═════ Provided information

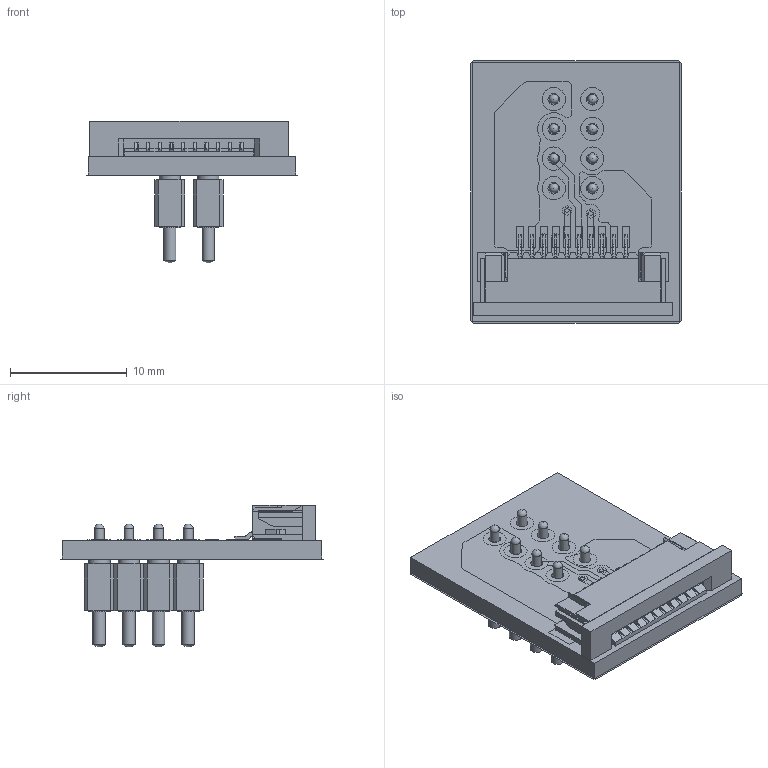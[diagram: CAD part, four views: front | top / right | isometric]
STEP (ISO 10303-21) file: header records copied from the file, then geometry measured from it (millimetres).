
FILE_DESCRIPTION(('FreeCAD Model'),'2;1');
FILE_NAME('Open CASCADE Shape Model','2021-01-24T15:08:56',('Author'),( ''),'Open CASCADE STEP processor 7.4','FreeCAD','Unknown');
FILE_SCHEMA(('AUTOMOTIVE_DESIGN { 1 0 10303 214 1 1 1 1 }'));
Length unit declared in the file: millimetre
Products named in the file (12): umbilical_V4; Board_Geoms_7027; Local_CS_7027; Pcb_7027; PCB_Sketch_7027; topTracks_7027; botTracks_7027; Step_Models_7027; Top_7027; J10_ZF1-10-01-T-WT-TR001_60089AD0; Bot_7027; J11_811-S1-004-10-017_600CD6DF
Assembly tree (12 placements, depth 4):
  umbilical_V4
    Board_Geoms_7027
      Local_CS_7027
      Pcb_7027
      PCB_Sketch_7027
      topTracks_7027
      botTracks_7027
    Step_Models_7027
      Top_7027
        J10_ZF1-10-01-T-WT-TR001_60089AD0
      Bot_7027
        J11_811-S1-004-10-017_600CD6DF  x2
Bounding box: 18.03 x 22.48 x 12.11 mm (x, y, z)
Volume: 1119.9 mm3; surface area: 2944.9 mm2
Topology: 16 solids, 68 shells, 1150 faces, 4983 edges, 3867 vertices
Faces by surface type: plane 833, cylinder 301, sphere 16
Full cylindrical faces by diameter (mm): 0.8 x8, 1 x8, 1.07 x8, 1.83 x8
Entity records: 50549 total; most frequent: CARTESIAN_POINT 9735, ORIENTED_EDGE 7915, DIRECTION 7681, EDGE_CURVE 4841, LINE 4223, VECTOR 4223, VERTEX_POINT 3775, AXIS2_PLACEMENT_3D 1729

══════════

Exercise prompt: Without adding anything, say how many lines in the listing above include the string "surface".

Response for this exercise: 2